Canfin érige en principe fondateur que c’est le législatif et non seulement l’exécutif qui doit gérer la politique de développement. Assemblée nationale et Sénat sont-ils des modèles de transparence ? Il faudrait être un imbécile pour le croire. Plus encore dans les relations internationales qu’ils sont sensés développer via les « groupes d’amitié » qui sont, trop souvent, les « Club Med » ou la « Caisse d’épargne » des députés et des vecteurs de lobbying pour les régimes en place.

Mais ne boudons pas notre plaisir. Je préfère les illusions de Canfin au réalisme de ses prédécesseurs. Notre ministre du Développement est en rupture avec tous ceux qui ont assuré le job depuis plus d’un demi-siècle. A tel point d’ailleurs qu’il semble bien plus proche de Bercy que du Quai d’Orsay. Alors que, jusqu’à présent, à quelques rares exceptions près, les ministres en charge préféraient la coopération (autrement dit la relation personnelle avec la classe politique africaine) au développement, Canfin, lui, n’est que ministre délégué au… Développement. Et pour lui, pas de doute, le développement doit être « durable ». C’est dit-il, la finalité de sa politique : un développement durable « dans ses trois composantes économique, sociale et environnementale ». Espérons simplement que ça dure… !

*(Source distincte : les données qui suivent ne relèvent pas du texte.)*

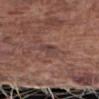The lesion was photographed on a routine skin check and not biopsied; there is no pathology result. The lesion-visualizer software estimated a lesion color around L≈41 a*≈18 b*≈20 in CIELAB and a normalized lesion–skin contrast near 6.5. The analysis additionally found a border-irregularity rating of about 3/10, a color-variation rating of about 5/10, and a peripheral color-asymmetry measure near 2. And it measured an automated nevus-likeness rating near 0 out of 100 and a lesion-detection confidence of about 90/100. A lesion tile, about 15 mm wide, cut from a 3D total-body photograph. The lesion's longest dimension is about 2.5 mm. From the right forearm. A male patient, in their mid- to late 70s.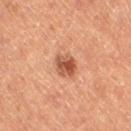Part of a total-body skin-imaging series; this lesion was reviewed on a skin check and was not flagged for biopsy. A female patient aged around 60. This is a cross-polarized tile. A roughly 15 mm field-of-view crop from a total-body skin photograph. From the right thigh. The total-body-photography lesion software estimated a footprint of about 5 mm² and a symmetry-axis asymmetry near 0.2. And it measured a mean CIELAB color near L≈50 a*≈26 b*≈33, about 13 CIELAB-L* units darker than the surrounding skin, and a normalized border contrast of about 9. The software also gave a border-irregularity index near 2/10, internal color variation of about 5.5 on a 0–10 scale, and radial color variation of about 2. The lesion's longest dimension is about 2.5 mm.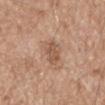{"biopsy_status": "not biopsied; imaged during a skin examination", "image": {"source": "total-body photography crop", "field_of_view_mm": 15}, "site": "mid back", "lesion_size": {"long_diameter_mm_approx": 4.0}, "patient": {"sex": "male", "age_approx": 75}, "lighting": "white-light"}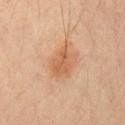<record>
  <biopsy_status>not biopsied; imaged during a skin examination</biopsy_status>
  <site>chest</site>
  <patient>
    <sex>male</sex>
    <age_approx>35</age_approx>
  </patient>
  <image>
    <source>total-body photography crop</source>
    <field_of_view_mm>15</field_of_view_mm>
  </image>
</record>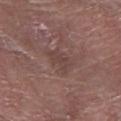Case summary:
– workup · imaged on a skin check; not biopsied
– image-analysis metrics · a mean CIELAB color near L≈42 a*≈18 b*≈20; a nevus-likeness score of about 0/100 and a detector confidence of about 95 out of 100 that the crop contains a lesion
– lesion size · ~3.5 mm (longest diameter)
– location · the left lower leg
– imaging modality · 15 mm crop, total-body photography
– subject · male, in their 80s

* Né à Arras (Pas-de-Calais), le 22 août 1974, diplômé de l’Institut d’études politiques (IEP)-Bordeaux et de l’université
de Newcastle, Pascal Canfin a débuté au sein de la centrale syndicale CFDT du Nord/Pas-de-Calais (1997-1999) avant d’être consultant en ressources humaines (1999-2003) puis journaliste au mensuel Alternatives économiques (2003-2009). Parallèlement, il va s’engager auprès des « Verts » dont il sera le responsable de la commission économique et sociale à compter de 2005. En juin 2009, il sera élu au Parlement européen sur la liste Europe Ecologie en Ile-de-France derrière Daniel Cohn-Bendit et Eva Joly. Spécialiste d’économie sociale et solidaire, auteur de plusieurs ouvrages sur le sujet, il va s’intéresser
à « la lutte contre les paradis fiscaux, le contrôle des marchés financiers, l’introduction de clauses sociales et environnementales pour accéder au marché européen, la lutte contre le changement climatique, la promotion d’une économie verte pour sortir de
la crise ». Il est enfin le fondateur de l’ONG Finance Watch qui vise à « développer une contre-expertise sur les activités menées sur les marchés financiers par les principaux opérateurs ». Lors de la campagne pour la présidentielle 2012, il a été le conseiller économique de la candidate « écologiste » Eva Joly.
Sur la nomination de Pascal Canfin au gouvernement, cf. LDD France 0599/jeudi 17 mai 2012.

** Les déclarations de Canfin sur ce projet de transparence sont tirées de l’entretien avec Amélie Tulet, RFI, 8 février 2014.